MC: It came from a brainstorming session I had with someone who no longer edits the magazine. He like the idea of Pilot Light, and I thought it would be just a little simpler to call it Pilot. Any title to any magazine’s going to be pretentious, any one-word title. I thought that sounded, sort of on a visceral level, less pretentious than other names that appealed to me. Any other name we were coming up with sort of sounded like something you’d name your cat (laughs). There’s also the sense of a pilot that’s not only like an airline pilot, but also boating or sailing, navigating...it has that appeal. I feel like it’s vague enough that it doesn’t necessarily have to be any of those things.

AV: What kinds of submissions did you get for your first issue?

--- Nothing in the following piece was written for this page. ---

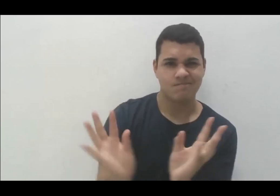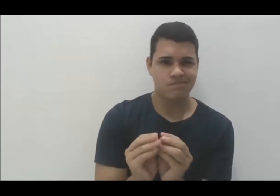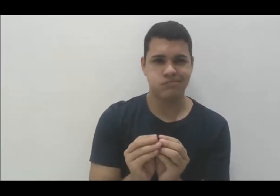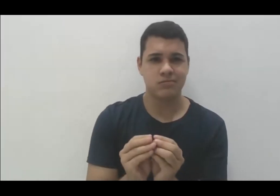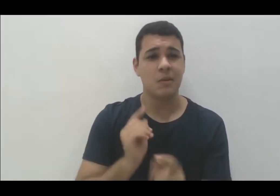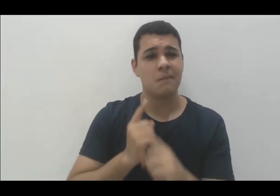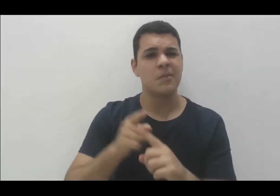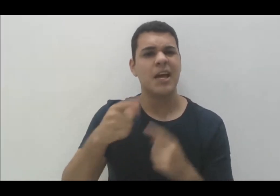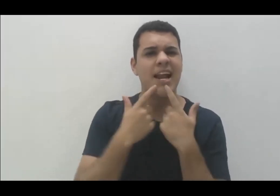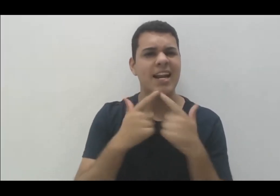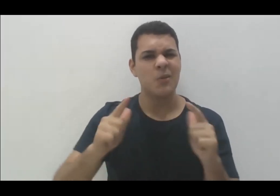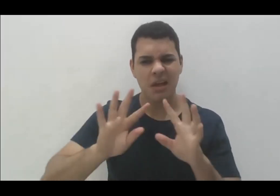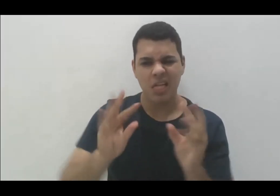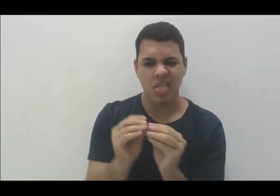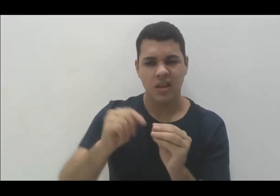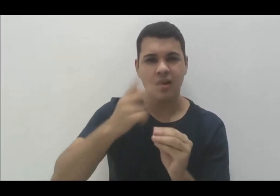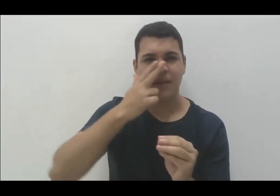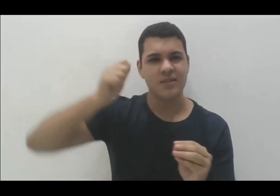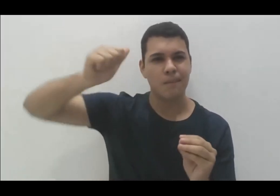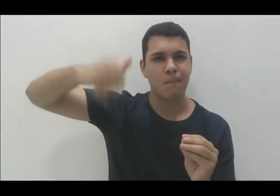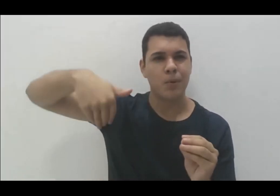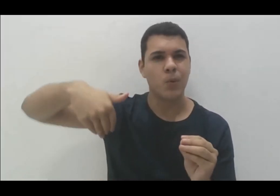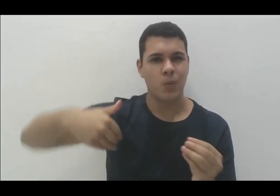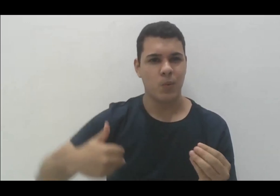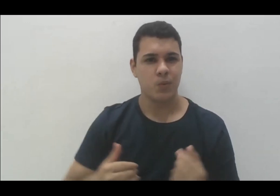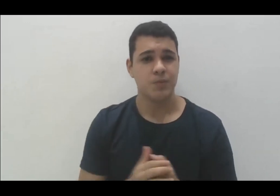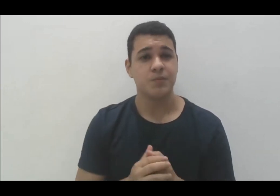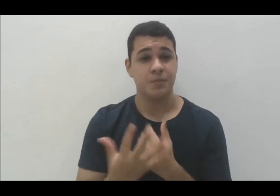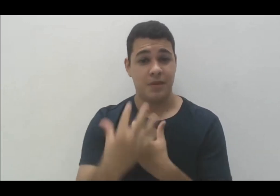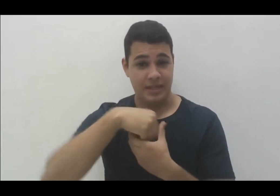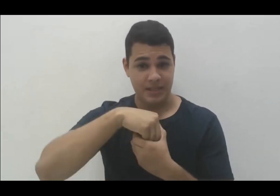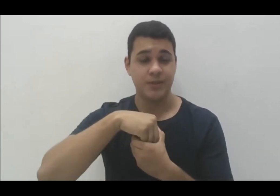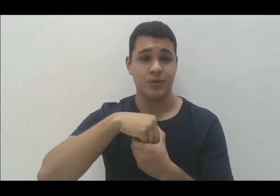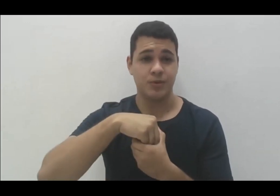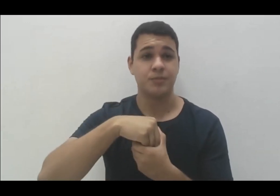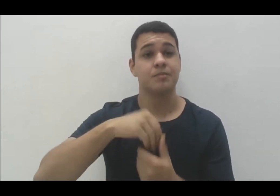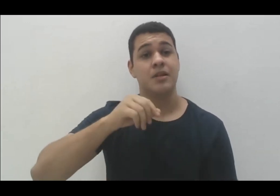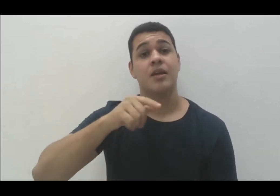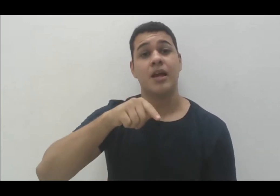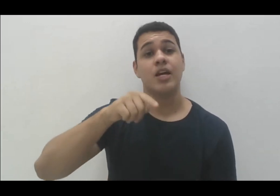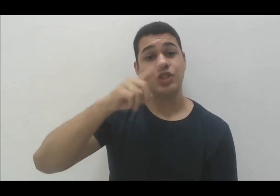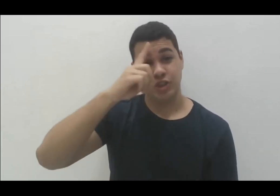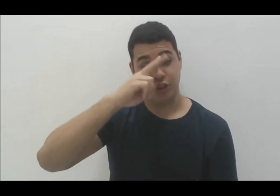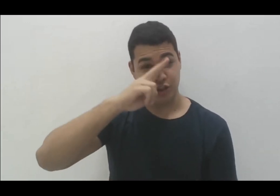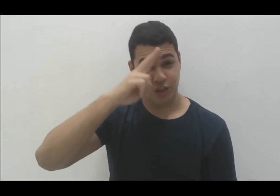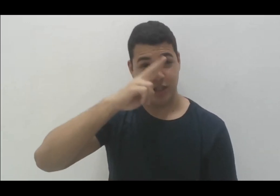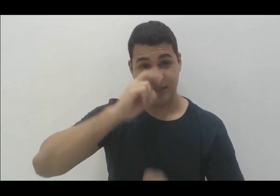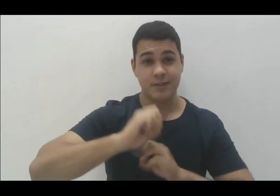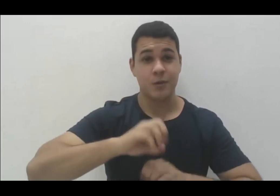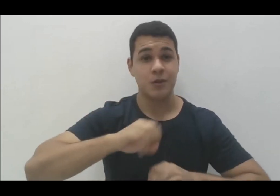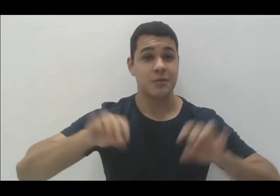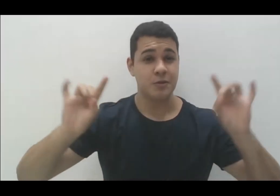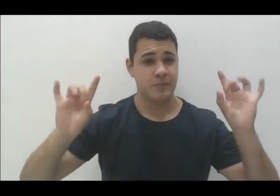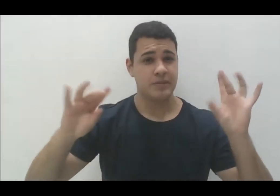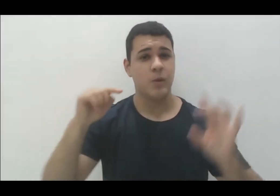ideia de empobrecido, ele dá essa ideia, e dentro da história da educação especial, ele tem uma

MC: It was a closed submission. We solicit everyone that is in the magazine. There’s a magazine up in Canada called The Gig that has a similar soliciting pattern, with equal parts British, Canadian and American writers. I think if we had any agenda it was that, to feature any writer we liked who may not be known in the States. That sounds rather grand, I know, but it’s not. It’s very simple. The people in the magazine are not unknown in this little world we inhabit, but at the same time there’s not as much access to their work as one would like.

AV: Is it common for this kind of literary magazine to see the light of day outside of the “little world” you refer to?

MC: I work up at the Poetry Collection. Right now I’m talking to you and I’m standing in front of literally thousands of magazines, and we’ve got catalogues here. They’re in all shapes and sizes, conditions and quality of form and authorship. I like the fact that it’s free. I think there are enough people out there who are dedicated enough to doing this. We just got a submission of a whole collection of an underground magazine that was run by this guy from South Carolina. He did it for years, and he was just publishing everyone. He lived with his parents and had a pizza delivery job into his 40s, but he just kept putting his magazine out, and I think it had a pretty wide readership. It’s tough, but it’s done everyday all over the place.

The co-launch party for these two magazines takes place this Friday, Sept. 1 @ 8pm at Rust Belt Books on Allen Street. Featured performances by contributors Kevin Thurston, James Currie, Michael Basinski, Brian Mornar, Chris Fritton, Zack Finch, Joanna Raczynska and Angela Szczepaniak. “Come for the poetry, stay for the company,” is the mantra for this special event.